-- What to do --
From the line containing "བསྒྱུར་དུ་གསོལ" to the last line of the records below, retype every line exactly and output nothing else.

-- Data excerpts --

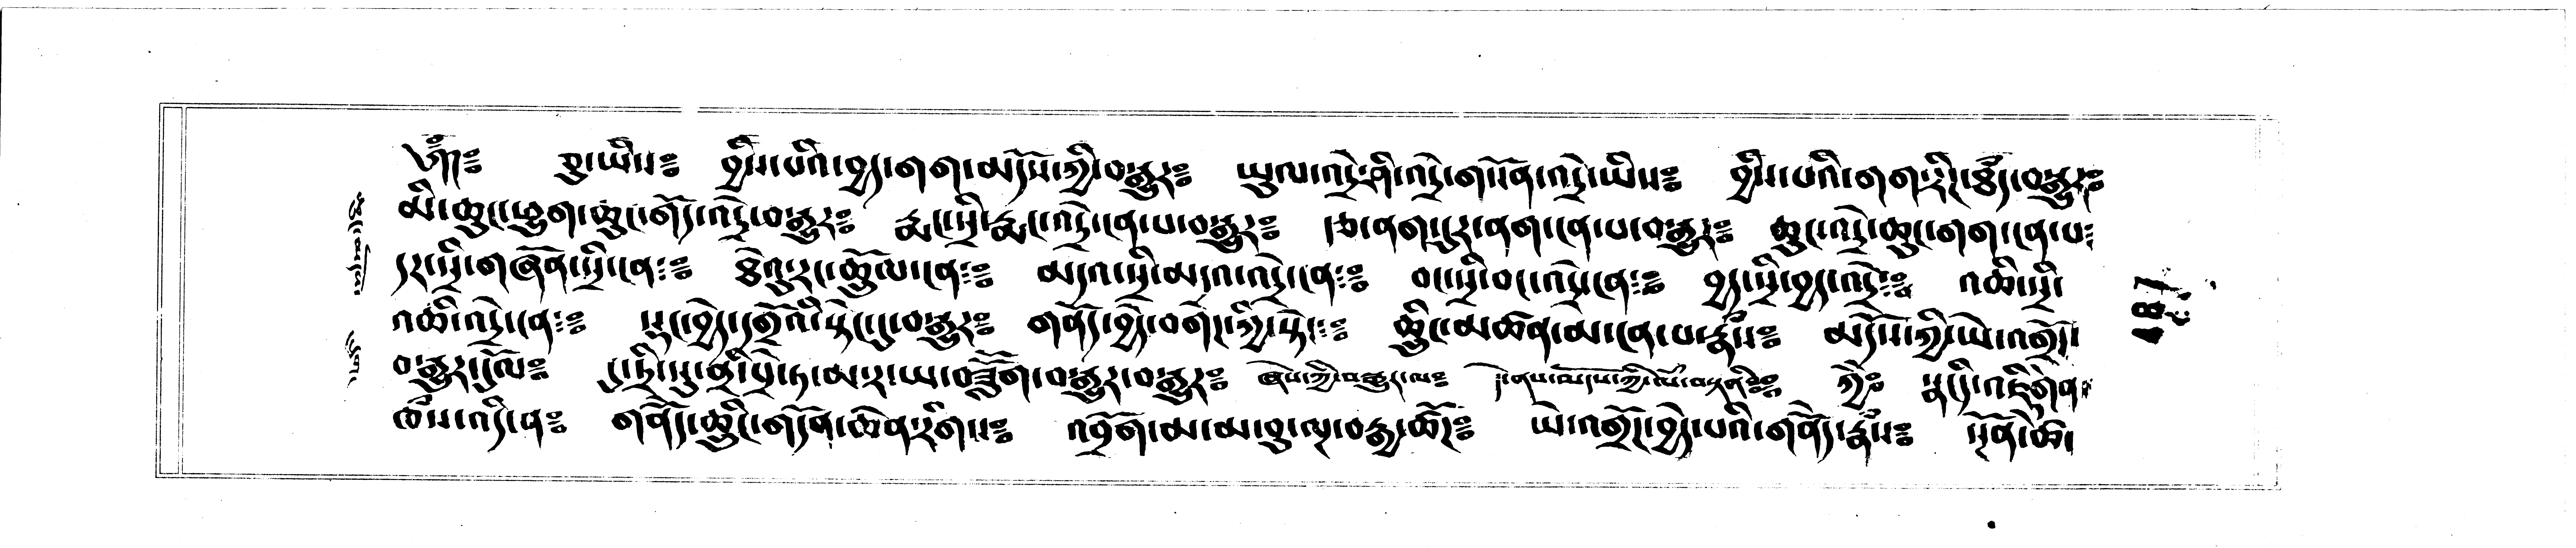༅།༔ཅུ་ཡིས༔བྱིས་པའི་བྱད་གག་མདོས་ཀྱི་བསྒྱུར༔ཡུལ་འདྲེ་ཤི་འདྲེ་གསོན་འདྲེ་ཡིས༔བྱིས་པའི་གག་རིགས་ཐམས་ཅད་བསྒྱུར༔མི་ཆུང་ཕྱུག་ཆུང་གོད་འདྲེ་བསྒྱུར༔
རྨང་སྲི་རྨང་འདྲེ་ངན་པ་བསྒྱུར༔ རྩ་ནག་དུར་ནག་ངན་པ་བསྒྱུར༔ ཆུང་འདྲེ་ཆུང་གག་ངན་པ༔
དར་སྲི་གཞོན་སྲི་ངན་པ་བསྒྱུར༔༔ ཐེའུ་རང་ཆོ་འཕྲུལ་ངན་པ་བསྒྱུར༔མདའ་སྲི་ མདའ་འདྲེ་ངན་པ་བསྒྱུར༔ བང་སྲི་བང་འདྲེ་ངན་ངན་པ་བསྒྱུར༔ བྱད་སྲི་བྱད་འདྲེ་ངན་པ་བསྒྱུར༔ འཆི་སྲི་ 
འཆི་འདྲེ་ངན་པ་བསྒྱུར༔ སྡང་བྱེད་དགྲ་བོའི་སྟེང་དུ་བསྒྱུར༔ གནོད་བྱེད་བགགས་ཀྱི་སྟེང་དུ་བསྒྱུར༔ ཆུང་སྲི་མཚན་མ་ངན་པ་རྣམས༔ མདོས་ཀྱི་ཡེ་འགྲོགས་ 
བསྒྱུར་དུ་གསོལ༔དུ་ཏྲི་སུ་རྣྲི་པྲེ་ཏ་མ་ར་ཡ་བཟླག་བཟློག་བསྒྱུར་བསྒྱུར༔ཞེས་ཀྱིས་བསྒྱུར་ལ༔ དེ་ནས་མདོས་ཀྱི་ལམ་བསྟན་ནི༔༔ཀྱཻ༔སྣང་སྲིད་རྟེན་ 
ཁམས་འདི་ན༔གནོད་བྱེད་ཆུང་སྲི་གདོན་ཆེན་རིགས༔འབྲོག་མ་མ་བུ་ལྔ་བརྒྱ་ཚོགས༔ཡེ་འགྲོགས་བྱེད་པའི་གནོད་བྱེད་རྣམས༔ སྔོན་ཚེ་

-- Worked solution --
བསྒྱུར་དུ་གསོལ༔དུ་ཏྲི་སུ་རྣྲི་པྲེ་ཏ་མ་ར་ཡ་བཟླག་བཟློག་བསྒྱུར་བསྒྱུར༔ཞེས་ཀྱིས་བསྒྱུར་ལ༔ དེ་ནས་མདོས་ཀྱི་ལམ་བསྟན་ནི༔༔ཀྱཻ༔སྣང་སྲིད་རྟེན་ 
ཁམས་འདི་ན༔གནོད་བྱེད་ཆུང་སྲི་གདོན་ཆེན་རིགས༔འབྲོག་མ་མ་བུ་ལྔ་བརྒྱ་ཚོགས༔ཡེ་འགྲོགས་བྱེད་པའི་གནོད་བྱེད་རྣམས༔ སྔོན་ཚེ་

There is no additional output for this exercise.